[What the task asks]:
No line before the one holding "2015 and 2022." is wanted; restate word for word that line and all lines after it to the end of the entries, excluding pictures.

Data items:
-- Opening Marker --
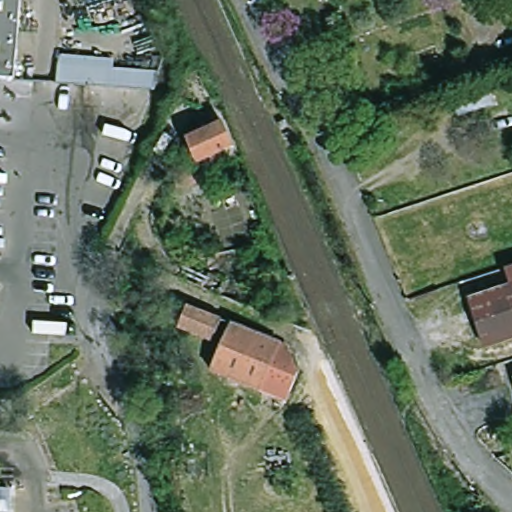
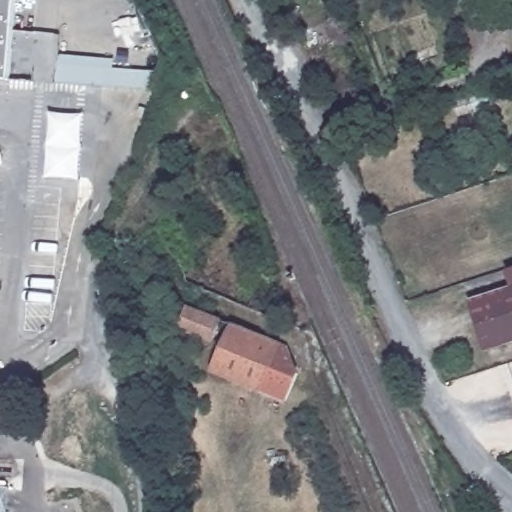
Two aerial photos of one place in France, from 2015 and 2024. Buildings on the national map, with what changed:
unchanged [(0,82),(0,0),(20,0),(14,83),(0,82)]
unchanged [(153,89),(57,82),(59,54),(113,58),(112,67),(157,70),(153,89)]
unchanged [(493,103),(457,114),(452,97),(487,86),(493,103)]
demolished [(194,152),(187,138),(222,120),(233,144),(221,149),(208,156),(198,160),(194,152)]
unchanged [(507,273),(512,272),(512,291),(507,273)]
unchanged [(487,353),(472,307),(512,294),(512,346),(487,353)]
unchanged [(302,373),(292,398),(220,372),(229,345),(184,328),(191,308),(292,346),(302,373)]
unchanged [(509,447),(512,445),(512,455),(511,455),(509,447)]
unchanged [(13,512),(0,512),(0,485),(15,486),(13,512)]

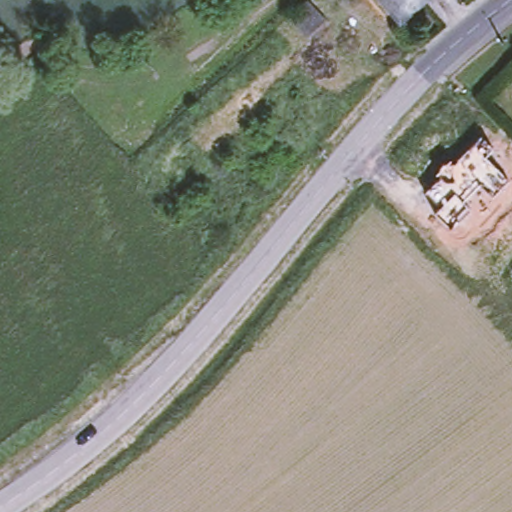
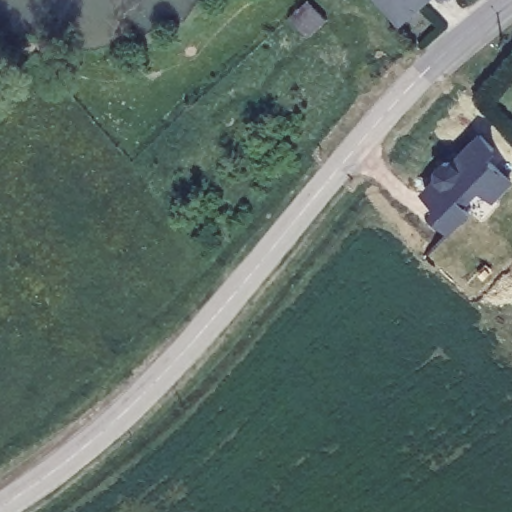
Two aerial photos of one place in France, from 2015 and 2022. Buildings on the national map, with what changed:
unchanged [(376,0),(420,0),(395,22),(376,0)]
unchanged [(308,36),(297,25),(290,18),(309,1),(315,8),(327,20),(308,36)]
unchanged [(436,181),(437,182),(440,178),(439,177),(439,169),(445,163),(452,163),(454,164),(458,161),(457,160),(481,136),(493,148),(485,156),(510,181),(493,197),(480,184),(463,201),(470,209),(450,229),(434,213),(440,208),(425,193),(436,181)]

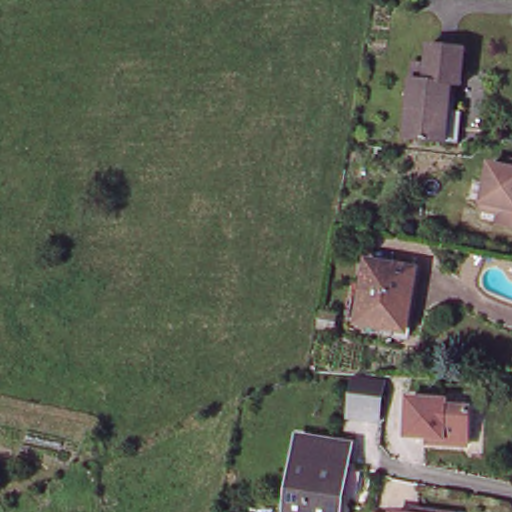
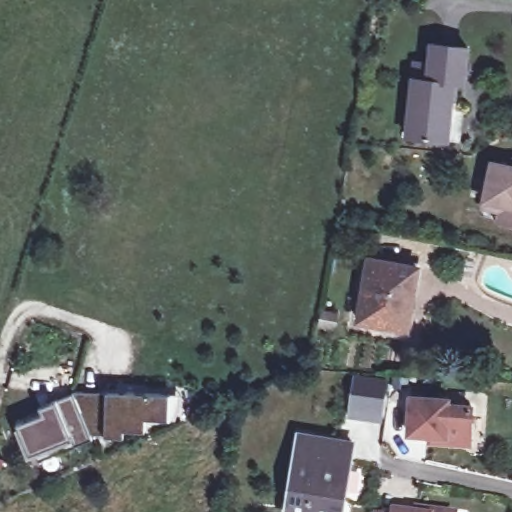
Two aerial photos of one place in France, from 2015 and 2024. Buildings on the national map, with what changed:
unchanged [(468,49),(464,85),(454,85),(447,141),(408,137),(414,79),(416,66),(429,67),(432,45),(468,49)]
unchanged [(494,164),(512,168),(512,225),(501,222),(503,212),(484,208),(486,201),(494,164)]
unchanged [(414,295),(409,294),(402,329),(358,321),(370,259),(418,268),(414,295)]
unchanged [(336,328),(321,326),(324,315),(338,318),(336,328)]
new [(362,369),(394,374),(389,412),(357,408),(362,369)]
new [(43,414),(40,405),(56,399),(73,392),(106,391),(178,393),(177,405),(173,415),(169,419),(144,419),(144,431),(123,431),(123,436),(104,436),(91,434),(92,438),(38,460),(36,456),(27,459),(15,428),(18,427),(17,424),(43,414)]
unchanged [(432,437),(409,434),(414,400),(452,405),(451,410),(476,413),(472,449),(447,446),(430,444),(432,437)]
unchanged [(352,467),(346,466),(338,512),(288,512),(301,437),(355,445),(352,467)]
unchanged [(427,511),(429,512),(427,512),(427,511)]

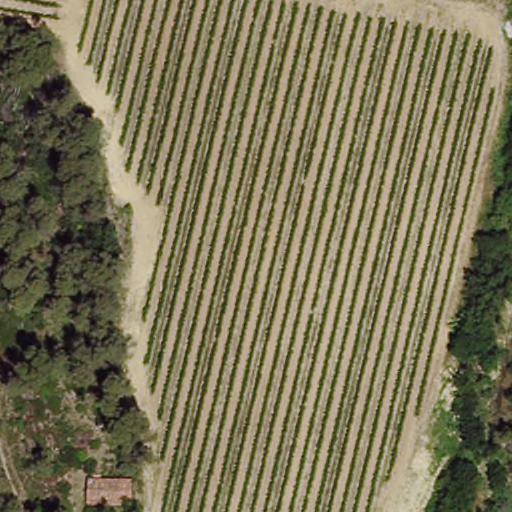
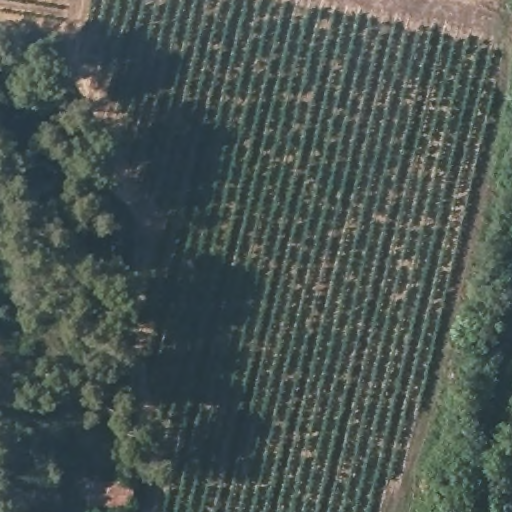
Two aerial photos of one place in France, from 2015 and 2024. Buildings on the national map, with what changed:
unchanged [(100,510),(92,509),(84,509),(86,484),(132,484),(130,511),(100,510)]

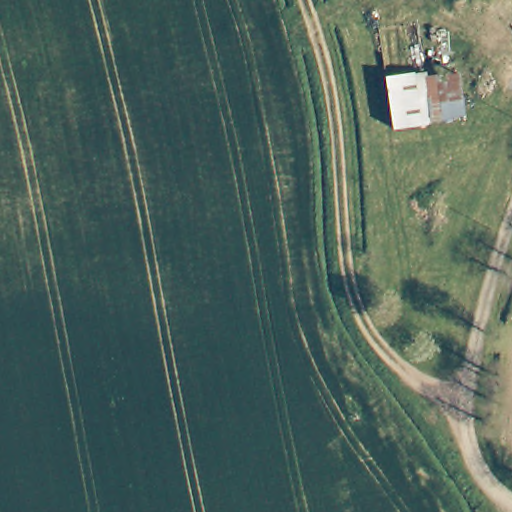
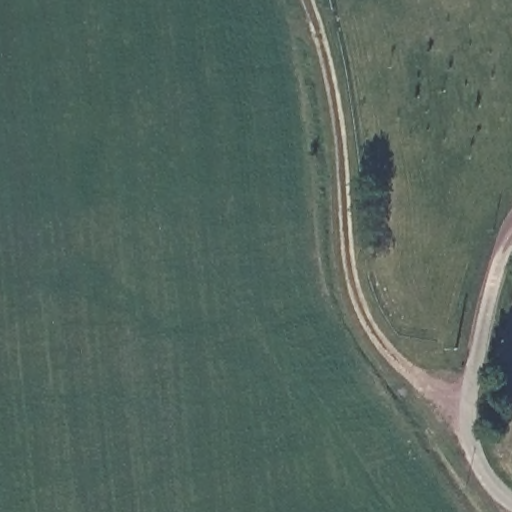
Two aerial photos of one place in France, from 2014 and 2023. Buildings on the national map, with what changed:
-- Closing Marker --
[Solution to this exercise]:
Two aerial photos of one place in France, from 2015 and 2022. Buildings on the national map, with what changed:
unchanged [(376,0),(420,0),(395,22),(376,0)]
unchanged [(308,36),(297,25),(290,18),(309,1),(315,8),(327,20),(308,36)]
unchanged [(436,181),(437,182),(440,178),(439,177),(439,169),(445,163),(452,163),(454,164),(458,161),(457,160),(481,136),(493,148),(485,156),(510,181),(493,197),(480,184),(463,201),(470,209),(450,229),(434,213),(440,208),(425,193),(436,181)]

Two aerial photos of one place in France, from 2015 and 2024. Buildings on the national map, with what changed:
unchanged [(468,49),(464,85),(454,85),(447,141),(408,137),(414,79),(416,66),(429,67),(432,45),(468,49)]
unchanged [(494,164),(512,168),(512,225),(501,222),(503,212),(484,208),(486,201),(494,164)]
unchanged [(414,295),(409,294),(402,329),(358,321),(370,259),(418,268),(414,295)]
unchanged [(336,328),(321,326),(324,315),(338,318),(336,328)]
new [(362,369),(394,374),(389,412),(357,408),(362,369)]
new [(43,414),(40,405),(56,399),(73,392),(106,391),(178,393),(177,405),(173,415),(169,419),(144,419),(144,431),(123,431),(123,436),(104,436),(91,434),(92,438),(38,460),(36,456),(27,459),(15,428),(18,427),(17,424),(43,414)]
unchanged [(432,437),(409,434),(414,400),(452,405),(451,410),(476,413),(472,449),(447,446),(430,444),(432,437)]
unchanged [(352,467),(346,466),(338,512),(288,512),(301,437),(355,445),(352,467)]
unchanged [(427,511),(429,512),(427,512),(427,511)]

Two aerial photos of one place in France, from 2015 and 2024. Buildings on the national map, with what changed:
unchanged [(100,510),(92,509),(84,509),(86,484),(132,484),(130,511),(100,510)]

Two aerial photos of one place in France, from 2014 and 2023. Buildings on the national map, with what changed:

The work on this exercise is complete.